Apon meent dat er veel verbeterd is als het om kansen voor vrouwen gaat. Veel urgenter is tegenwoordig volgens haar de invloed van televisie (als noodzakelijke medefinancier) op allerlei filmplannen. Dat betekent dat die telkens in conventionele formats en slots worden geperst. Ze merkte het zelf met Leonie. Het kostte haar een jaar om de televisie aan boord te krijgen, en dan nog na veel druk van het Filmfonds. Nu heet het ’toch wel interessant, die vreemde vorm’. Vreselijk vindt ze dat.
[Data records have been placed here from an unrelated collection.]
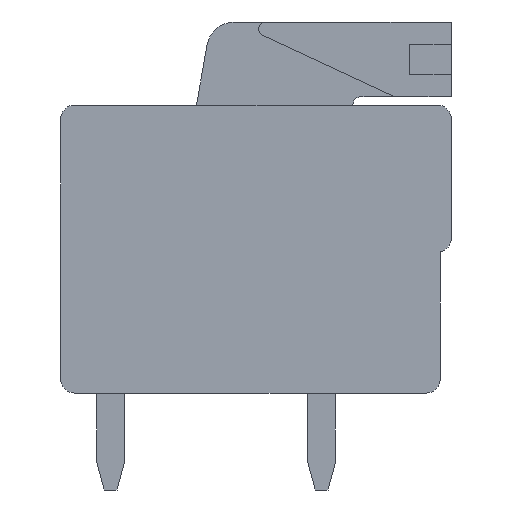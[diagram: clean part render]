
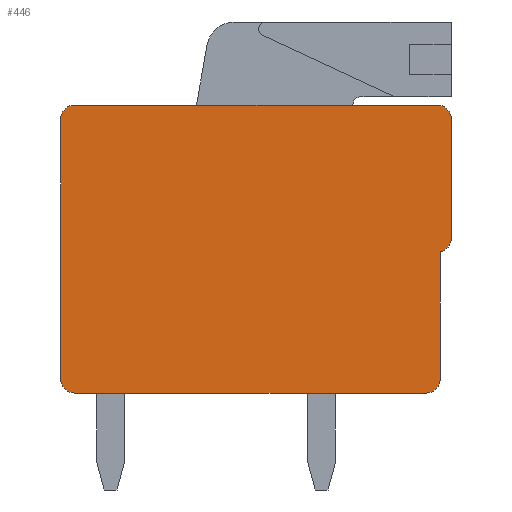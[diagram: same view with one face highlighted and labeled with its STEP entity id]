
A CAD part, left-side view. The second image highlights one B-rep face of the part: STEP entity #446.
In plain terms, the highlighted planar face has unit normal (-1, 0, 0).
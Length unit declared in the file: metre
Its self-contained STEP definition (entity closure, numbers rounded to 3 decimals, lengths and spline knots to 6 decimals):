
#446 = ADVANCED_FACE( 'NONE', ( #958 ), #959, .F. );
#958 = FACE_OUTER_BOUND( '', #1550, .T. );
#959 = PLANE( '', #1551 );
#1550 = EDGE_LOOP( '', ( #2690, #2691, #2692, #2693, #2694, #2695, #2696, #2697, #2698, #2699 ) );
#1551 = AXIS2_PLACEMENT_3D( '', #2700, #2701, #2702 );
#2690 = ORIENTED_EDGE( '', *, *, #3769, .T. );
#2691 = ORIENTED_EDGE( '', *, *, #3744, .T. );
#2692 = ORIENTED_EDGE( '', *, *, #3850, .F. );
#2693 = ORIENTED_EDGE( '', *, *, #3615, .T. );
#2694 = ORIENTED_EDGE( '', *, *, #3695, .F. );
#2695 = ORIENTED_EDGE( '', *, *, #3635, .T. );
#2696 = ORIENTED_EDGE( '', *, *, #3686, .F. );
#2697 = ORIENTED_EDGE( '', *, *, #3853, .T. );
#2698 = ORIENTED_EDGE( '', *, *, #3671, .T. );
#2699 = ORIENTED_EDGE( '', *, *, #3546, .T. );
#2700 = CARTESIAN_POINT( '', ( 0., -0.0141, 0. ) );
#2701 = DIRECTION( '', ( 1., 0., 0. ) );
#2702 = DIRECTION( '', ( 0., 0., 1. ) );
#3546 = EDGE_CURVE( 'NONE', #4288, #4286, #4289, .T. );
#3615 = EDGE_CURVE( 'NONE', #4402, #4400, #4403, .T. );
#3635 = EDGE_CURVE( 'NONE', #4436, #4434, #4437, .T. );
#3671 = EDGE_CURVE( 'NONE', #4490, #4288, #4491, .T. );
#3686 = EDGE_CURVE( 'NONE', #4512, #4434, #4514, .T. );
#3695 = EDGE_CURVE( 'NONE', #4436, #4400, #4526, .T. );
#3744 = EDGE_CURVE( 'NONE', #4603, #4601, #4604, .T. );
#3769 = EDGE_CURVE( 'NONE', #4286, #4603, #4637, .T. );
#3850 = EDGE_CURVE( 'NONE', #4402, #4601, #4745, .T. );
#3853 = EDGE_CURVE( 'NONE', #4512, #4490, #4748, .T. );
#4286 = VERTEX_POINT( 'NONE', #5325 );
#4288 = VERTEX_POINT( 'NONE', #5328 );
#4289 = CIRCLE( '', #5329, 0.0005 );
#4400 = VERTEX_POINT( 'NONE', #5488 );
#4402 = VERTEX_POINT( 'NONE', #5491 );
#4403 = CIRCLE( '', #5492, 0.0005 );
#4434 = VERTEX_POINT( 'NONE', #5535 );
#4436 = VERTEX_POINT( 'NONE', #5538 );
#4437 = CIRCLE( '', #5539, 0.0005 );
#4490 = VERTEX_POINT( 'NONE', #5611 );
#4491 = LINE( '', #5612, #5613 );
#4512 = VERTEX_POINT( 'NONE', #5643 );
#4514 = LINE( '', #5646, #5647 );
#4526 = LINE( '', #5663, #5664 );
#4601 = VERTEX_POINT( 'NONE', #5774 );
#4603 = VERTEX_POINT( 'NONE', #5777 );
#4604 = CIRCLE( '', #5778, 0.0005 );
#4637 = LINE( '', #5826, #5827 );
#4745 = LINE( '', #5979, #5980 );
#4748 = CIRCLE( '', #5983, 0.0005 );
#5325 = CARTESIAN_POINT( '', ( 0., -0.0136, 0.0104 ) );
#5328 = CARTESIAN_POINT( '', ( 0., -0.0141, 0.0099 ) );
#5329 = AXIS2_PLACEMENT_3D( '', #6435, #6436, #6437 );
#5488 = CARTESIAN_POINT( '', ( 0., -0.0005, 0. ) );
#5491 = CARTESIAN_POINT( '', ( 0., 0., 0.0005 ) );
#5492 = AXIS2_PLACEMENT_3D( '', #6508, #6509, #6510 );
#5535 = CARTESIAN_POINT( '', ( 0., -0.0137, 0.0005 ) );
#5538 = CARTESIAN_POINT( '', ( 0., -0.0132, 0. ) );
#5539 = AXIS2_PLACEMENT_3D( '', #6530, #6531, #6532 );
#5611 = CARTESIAN_POINT( '', ( 0., -0.0141, 0.00559 ) );
#5612 = CARTESIAN_POINT( '', ( 0., -0.0141, 0. ) );
#5613 = VECTOR( '', #6570, 1. );
#5643 = CARTESIAN_POINT( '', ( 0., -0.0137, 0.0051 ) );
#5646 = CARTESIAN_POINT( '', ( 0., -0.0137, 0. ) );
#5647 = VECTOR( '', #6584, 1. );
#5663 = CARTESIAN_POINT( '', ( 0., -0.0141, 0. ) );
#5664 = VECTOR( '', #6592, 1. );
#5774 = CARTESIAN_POINT( '', ( 0., 0., 0.0099 ) );
#5777 = CARTESIAN_POINT( '', ( 0., -0.0005, 0.0104 ) );
#5778 = AXIS2_PLACEMENT_3D( '', #6635, #6636, #6637 );
#5826 = CARTESIAN_POINT( '', ( 0., -0.0141, 0.0104 ) );
#5827 = VECTOR( '', #6659, 1. );
#5979 = CARTESIAN_POINT( '', ( 0., 0., 0. ) );
#5980 = VECTOR( '', #6743, 1. );
#5983 = AXIS2_PLACEMENT_3D( '', #6744, #6745, #6746 );
#6435 = CARTESIAN_POINT( '', ( 0., -0.0136, 0.0099 ) );
#6436 = DIRECTION( '', ( -1., 0., 0. ) );
#6437 = DIRECTION( '', ( 0., 1., 0. ) );
#6508 = CARTESIAN_POINT( '', ( 0., -0.0005, 0.0005 ) );
#6509 = DIRECTION( '', ( -1., 0., 0. ) );
#6510 = DIRECTION( '', ( 0., 1., 0. ) );
#6530 = CARTESIAN_POINT( '', ( 0., -0.0132, 0.0005 ) );
#6531 = DIRECTION( '', ( -1., 0., 0. ) );
#6532 = DIRECTION( '', ( 0., 1., 0. ) );
#6570 = DIRECTION( '', ( 0., 0., 1. ) );
#6584 = DIRECTION( '', ( 0., 0., -1. ) );
#6592 = DIRECTION( '', ( 0., 1., 0. ) );
#6635 = CARTESIAN_POINT( '', ( 0., -0.0005, 0.0099 ) );
#6636 = DIRECTION( '', ( -1., 0., 0. ) );
#6637 = DIRECTION( '', ( 0., 1., 0. ) );
#6659 = DIRECTION( '', ( 0., 1., 0. ) );
#6743 = DIRECTION( '', ( 0., 0., 1. ) );
#6744 = CARTESIAN_POINT( '', ( 0., -0.0136, 0.00559 ) );
#6745 = DIRECTION( '', ( -1., 0., 0. ) );
#6746 = DIRECTION( '', ( 0., 1., 0. ) );
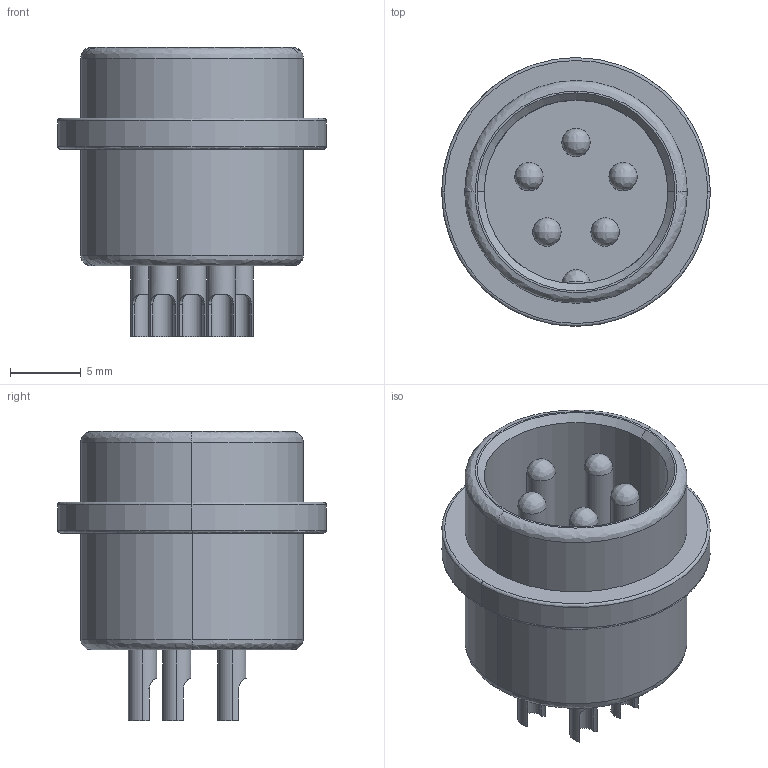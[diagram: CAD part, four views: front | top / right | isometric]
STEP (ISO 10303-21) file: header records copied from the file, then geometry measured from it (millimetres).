
FILE_DESCRIPTION (( 'STEP AP214' ), '1' );
FILE_NAME ('User Library-P-1120-5-pin-power-socket.STEP', '2017-07-02T15:34:42', ( 'Windows User' ), ( '' ), 'SwSTEP 2.0', 'SolidWorks 2017', '' );
FILE_SCHEMA (( 'AUTOMOTIVE_DESIGN' ));
Length unit declared in the file: millimetre
Products named in the file (1): User Library-P-1120-5-pin-power-socket
Bounding box: 19 x 19 x 20.45 mm (x, y, z)
Volume: 2036.6 mm3; surface area: 2208.5 mm2
Topology: 1 solids, 1 shells, 106 faces, 276 edges, 173 vertices
Faces by surface type: cylinder 49, torus 20, plane 20, bspline 15, cone 2
Entity records: 4771 total; most frequent: CARTESIAN_POINT 1088, DIRECTION 528, ORIENTED_EDGE 528, EDGE_CURVE 264, AXIS2_PLACEMENT_3D 233, VERTEX_POINT 173, CIRCLE 141, EDGE_LOOP 119

Dat soort problemen zullen ook veel ambitieuze mannelijke filmmakers tegenkomen. “Misschien wordt het tijd dat we dat onderscheid tussen mannen en vrouwen achter ons gaan laten”, stelt Mangini voor. “Het is verkeerd en verouderd.”

“Vertrouw op jezelf, richt je op wat voor jou belangrijk is”, houdt Knudsen de filmmakers in het publiek voor. “Het maakt je niet rijk, maar wel gelukkiger.”